++++ Information ++++

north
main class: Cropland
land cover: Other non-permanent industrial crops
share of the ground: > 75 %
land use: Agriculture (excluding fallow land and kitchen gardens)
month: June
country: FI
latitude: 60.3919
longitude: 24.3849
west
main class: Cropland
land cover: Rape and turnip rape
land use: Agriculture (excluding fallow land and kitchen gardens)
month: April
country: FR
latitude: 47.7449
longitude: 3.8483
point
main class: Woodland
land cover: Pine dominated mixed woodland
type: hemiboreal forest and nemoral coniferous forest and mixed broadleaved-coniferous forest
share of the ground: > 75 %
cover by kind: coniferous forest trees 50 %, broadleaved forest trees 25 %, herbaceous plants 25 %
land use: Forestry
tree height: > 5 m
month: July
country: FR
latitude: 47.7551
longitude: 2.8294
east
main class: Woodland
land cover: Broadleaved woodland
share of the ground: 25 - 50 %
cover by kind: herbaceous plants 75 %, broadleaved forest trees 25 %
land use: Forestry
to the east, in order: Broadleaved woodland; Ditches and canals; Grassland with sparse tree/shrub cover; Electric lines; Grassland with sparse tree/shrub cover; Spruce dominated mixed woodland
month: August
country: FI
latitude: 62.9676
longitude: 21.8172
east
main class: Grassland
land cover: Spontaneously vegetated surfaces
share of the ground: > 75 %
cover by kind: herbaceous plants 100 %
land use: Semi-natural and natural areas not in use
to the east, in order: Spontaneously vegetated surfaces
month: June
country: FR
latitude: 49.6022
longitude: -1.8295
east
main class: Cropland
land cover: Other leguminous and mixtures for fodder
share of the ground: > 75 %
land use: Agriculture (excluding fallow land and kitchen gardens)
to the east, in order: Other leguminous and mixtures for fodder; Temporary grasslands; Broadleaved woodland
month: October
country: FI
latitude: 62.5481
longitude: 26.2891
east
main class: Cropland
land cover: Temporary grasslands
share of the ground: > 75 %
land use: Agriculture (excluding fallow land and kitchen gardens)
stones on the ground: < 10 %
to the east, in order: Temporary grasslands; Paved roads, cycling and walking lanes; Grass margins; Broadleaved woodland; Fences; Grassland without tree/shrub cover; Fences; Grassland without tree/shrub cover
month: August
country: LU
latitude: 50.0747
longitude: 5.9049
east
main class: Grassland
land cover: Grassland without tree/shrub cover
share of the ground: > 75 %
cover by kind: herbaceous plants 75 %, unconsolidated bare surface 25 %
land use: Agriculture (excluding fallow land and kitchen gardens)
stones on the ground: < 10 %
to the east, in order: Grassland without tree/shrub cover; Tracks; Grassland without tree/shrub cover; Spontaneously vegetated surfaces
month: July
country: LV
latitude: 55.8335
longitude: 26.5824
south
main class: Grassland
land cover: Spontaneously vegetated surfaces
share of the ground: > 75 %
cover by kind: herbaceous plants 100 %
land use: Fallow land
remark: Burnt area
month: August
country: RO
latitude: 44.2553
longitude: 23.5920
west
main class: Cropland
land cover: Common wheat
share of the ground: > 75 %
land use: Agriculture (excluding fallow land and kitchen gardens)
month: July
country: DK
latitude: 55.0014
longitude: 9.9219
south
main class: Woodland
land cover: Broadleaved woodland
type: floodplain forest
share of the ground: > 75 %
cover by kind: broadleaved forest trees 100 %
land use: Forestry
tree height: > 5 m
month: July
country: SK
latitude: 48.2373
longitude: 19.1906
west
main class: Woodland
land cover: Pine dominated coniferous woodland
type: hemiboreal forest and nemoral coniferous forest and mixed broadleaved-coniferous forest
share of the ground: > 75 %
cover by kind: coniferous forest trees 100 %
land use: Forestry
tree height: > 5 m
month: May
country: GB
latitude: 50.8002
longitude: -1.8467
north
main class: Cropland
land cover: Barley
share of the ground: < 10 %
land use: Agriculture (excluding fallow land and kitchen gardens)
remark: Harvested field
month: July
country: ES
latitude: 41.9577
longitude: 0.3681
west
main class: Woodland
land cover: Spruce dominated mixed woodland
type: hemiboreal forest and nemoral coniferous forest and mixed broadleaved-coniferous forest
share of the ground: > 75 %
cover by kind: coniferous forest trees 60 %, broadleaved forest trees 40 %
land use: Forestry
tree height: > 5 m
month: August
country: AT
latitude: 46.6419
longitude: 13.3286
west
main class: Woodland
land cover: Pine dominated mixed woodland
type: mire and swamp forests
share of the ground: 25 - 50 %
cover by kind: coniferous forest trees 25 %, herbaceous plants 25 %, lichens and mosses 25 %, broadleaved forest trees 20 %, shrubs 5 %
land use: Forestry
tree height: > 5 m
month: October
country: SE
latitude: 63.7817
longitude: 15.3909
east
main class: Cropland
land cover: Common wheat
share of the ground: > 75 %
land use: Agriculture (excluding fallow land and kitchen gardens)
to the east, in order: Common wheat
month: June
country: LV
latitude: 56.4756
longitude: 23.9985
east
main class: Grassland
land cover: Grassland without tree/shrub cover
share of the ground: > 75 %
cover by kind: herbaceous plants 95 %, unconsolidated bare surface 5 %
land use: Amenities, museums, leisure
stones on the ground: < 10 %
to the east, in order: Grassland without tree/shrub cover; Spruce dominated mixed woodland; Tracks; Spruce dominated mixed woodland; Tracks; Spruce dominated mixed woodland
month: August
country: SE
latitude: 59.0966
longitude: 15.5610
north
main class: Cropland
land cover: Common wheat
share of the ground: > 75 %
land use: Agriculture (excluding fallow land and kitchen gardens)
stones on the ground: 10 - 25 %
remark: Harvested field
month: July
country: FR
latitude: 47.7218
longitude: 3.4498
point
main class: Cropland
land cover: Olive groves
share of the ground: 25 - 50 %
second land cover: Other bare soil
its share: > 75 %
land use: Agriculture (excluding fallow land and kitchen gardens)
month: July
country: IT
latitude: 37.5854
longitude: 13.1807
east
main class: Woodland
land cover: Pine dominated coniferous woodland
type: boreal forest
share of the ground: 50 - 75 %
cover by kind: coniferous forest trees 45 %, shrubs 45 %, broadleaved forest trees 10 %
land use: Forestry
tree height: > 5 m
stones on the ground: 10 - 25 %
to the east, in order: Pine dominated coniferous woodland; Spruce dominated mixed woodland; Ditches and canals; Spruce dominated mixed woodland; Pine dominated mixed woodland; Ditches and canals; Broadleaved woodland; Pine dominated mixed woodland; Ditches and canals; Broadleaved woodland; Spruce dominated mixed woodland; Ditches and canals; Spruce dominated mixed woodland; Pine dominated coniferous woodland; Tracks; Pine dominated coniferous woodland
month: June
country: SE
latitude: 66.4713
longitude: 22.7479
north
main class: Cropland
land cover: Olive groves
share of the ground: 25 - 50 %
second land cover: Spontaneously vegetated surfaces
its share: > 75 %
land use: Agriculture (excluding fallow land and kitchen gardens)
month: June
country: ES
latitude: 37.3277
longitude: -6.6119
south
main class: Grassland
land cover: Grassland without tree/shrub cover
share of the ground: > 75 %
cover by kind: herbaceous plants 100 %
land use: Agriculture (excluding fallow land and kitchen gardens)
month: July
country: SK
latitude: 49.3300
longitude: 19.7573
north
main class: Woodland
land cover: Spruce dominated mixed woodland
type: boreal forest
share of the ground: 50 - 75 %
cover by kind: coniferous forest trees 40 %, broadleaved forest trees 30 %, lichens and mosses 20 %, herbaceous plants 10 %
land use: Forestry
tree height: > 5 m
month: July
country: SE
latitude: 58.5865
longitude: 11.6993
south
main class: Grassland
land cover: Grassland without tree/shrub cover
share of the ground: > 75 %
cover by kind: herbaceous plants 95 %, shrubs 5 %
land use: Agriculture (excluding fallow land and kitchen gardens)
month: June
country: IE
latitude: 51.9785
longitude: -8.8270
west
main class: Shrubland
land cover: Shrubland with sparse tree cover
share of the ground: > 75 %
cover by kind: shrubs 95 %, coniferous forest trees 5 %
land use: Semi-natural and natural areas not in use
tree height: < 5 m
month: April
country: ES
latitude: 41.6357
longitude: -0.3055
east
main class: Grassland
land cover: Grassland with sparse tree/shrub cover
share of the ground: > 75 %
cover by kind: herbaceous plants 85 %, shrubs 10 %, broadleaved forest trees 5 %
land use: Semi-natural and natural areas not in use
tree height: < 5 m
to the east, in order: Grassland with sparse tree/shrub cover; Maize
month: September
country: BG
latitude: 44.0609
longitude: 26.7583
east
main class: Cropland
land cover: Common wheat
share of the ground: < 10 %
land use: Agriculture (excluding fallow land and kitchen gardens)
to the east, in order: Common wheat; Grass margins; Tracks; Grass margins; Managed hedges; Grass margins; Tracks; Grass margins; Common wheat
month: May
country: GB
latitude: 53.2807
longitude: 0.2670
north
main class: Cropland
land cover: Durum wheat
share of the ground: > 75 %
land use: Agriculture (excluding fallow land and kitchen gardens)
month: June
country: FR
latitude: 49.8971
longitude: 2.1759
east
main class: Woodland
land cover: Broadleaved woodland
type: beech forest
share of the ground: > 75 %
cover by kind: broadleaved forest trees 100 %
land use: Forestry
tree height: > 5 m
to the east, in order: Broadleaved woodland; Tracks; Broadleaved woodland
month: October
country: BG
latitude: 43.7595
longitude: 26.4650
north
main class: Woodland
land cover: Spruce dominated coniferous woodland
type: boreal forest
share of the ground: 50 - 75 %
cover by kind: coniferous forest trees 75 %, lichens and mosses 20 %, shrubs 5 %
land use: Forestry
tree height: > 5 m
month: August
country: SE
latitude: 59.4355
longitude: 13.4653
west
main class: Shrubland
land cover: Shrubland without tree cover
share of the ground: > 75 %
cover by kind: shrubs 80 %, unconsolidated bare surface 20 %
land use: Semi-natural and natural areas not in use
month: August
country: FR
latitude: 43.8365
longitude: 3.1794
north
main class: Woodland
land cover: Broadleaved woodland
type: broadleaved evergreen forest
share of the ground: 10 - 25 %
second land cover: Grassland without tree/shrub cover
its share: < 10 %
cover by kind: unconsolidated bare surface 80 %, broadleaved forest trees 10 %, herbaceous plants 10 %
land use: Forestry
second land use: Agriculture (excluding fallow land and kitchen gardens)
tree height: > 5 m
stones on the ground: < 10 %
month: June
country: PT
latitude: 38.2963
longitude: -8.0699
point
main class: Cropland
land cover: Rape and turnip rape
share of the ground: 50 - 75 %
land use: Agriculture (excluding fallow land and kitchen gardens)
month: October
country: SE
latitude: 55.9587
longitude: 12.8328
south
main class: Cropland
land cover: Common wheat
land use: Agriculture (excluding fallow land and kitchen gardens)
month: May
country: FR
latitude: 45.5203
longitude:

++++

◆ **What you need to do**: Please set down again, word for word, only the lines from the start of the entries through the line with "land cover: Temporary grasslands", both ends included.

◆ **Exercise solution**:
north
main class: Cropland
land cover: Other non-permanent industrial crops
share of the ground: > 75 %
land use: Agriculture (excluding fallow land and kitchen gardens)
month: June
country: FI
latitude: 60.3919
longitude: 24.3849
west
main class: Cropland
land cover: Rape and turnip rape
land use: Agriculture (excluding fallow land and kitchen gardens)
month: April
country: FR
latitude: 47.7449
longitude: 3.8483
point
main class: Woodland
land cover: Pine dominated mixed woodland
type: hemiboreal forest and nemoral coniferous forest and mixed broadleaved-coniferous forest
share of the ground: > 75 %
cover by kind: coniferous forest trees 50 %, broadleaved forest trees 25 %, herbaceous plants 25 %
land use: Forestry
tree height: > 5 m
month: July
country: FR
latitude: 47.7551
longitude: 2.8294
east
main class: Woodland
land cover: Broadleaved woodland
share of the ground: 25 - 50 %
cover by kind: herbaceous plants 75 %, broadleaved forest trees 25 %
land use: Forestry
to the east, in order: Broadleaved woodland; Ditches and canals; Grassland with sparse tree/shrub cover; Electric lines; Grassland with sparse tree/shrub cover; Spruce dominated mixed woodland
month: August
country: FI
latitude: 62.9676
longitude: 21.8172
east
main class: Grassland
land cover: Spontaneously vegetated surfaces
share of the ground: > 75 %
cover by kind: herbaceous plants 100 %
land use: Semi-natural and natural areas not in use
to the east, in order: Spontaneously vegetated surfaces
month: June
country: FR
latitude: 49.6022
longitude: -1.8295
east
main class: Cropland
land cover: Other leguminous and mixtures for fodder
share of the ground: > 75 %
land use: Agriculture (excluding fallow land and kitchen gardens)
to the east, in order: Other leguminous and mixtures for fodder; Temporary grasslands; Broadleaved woodland
month: October
country: FI
latitude: 62.5481
longitude: 26.2891
east
main class: Cropland
land cover: Temporary grasslands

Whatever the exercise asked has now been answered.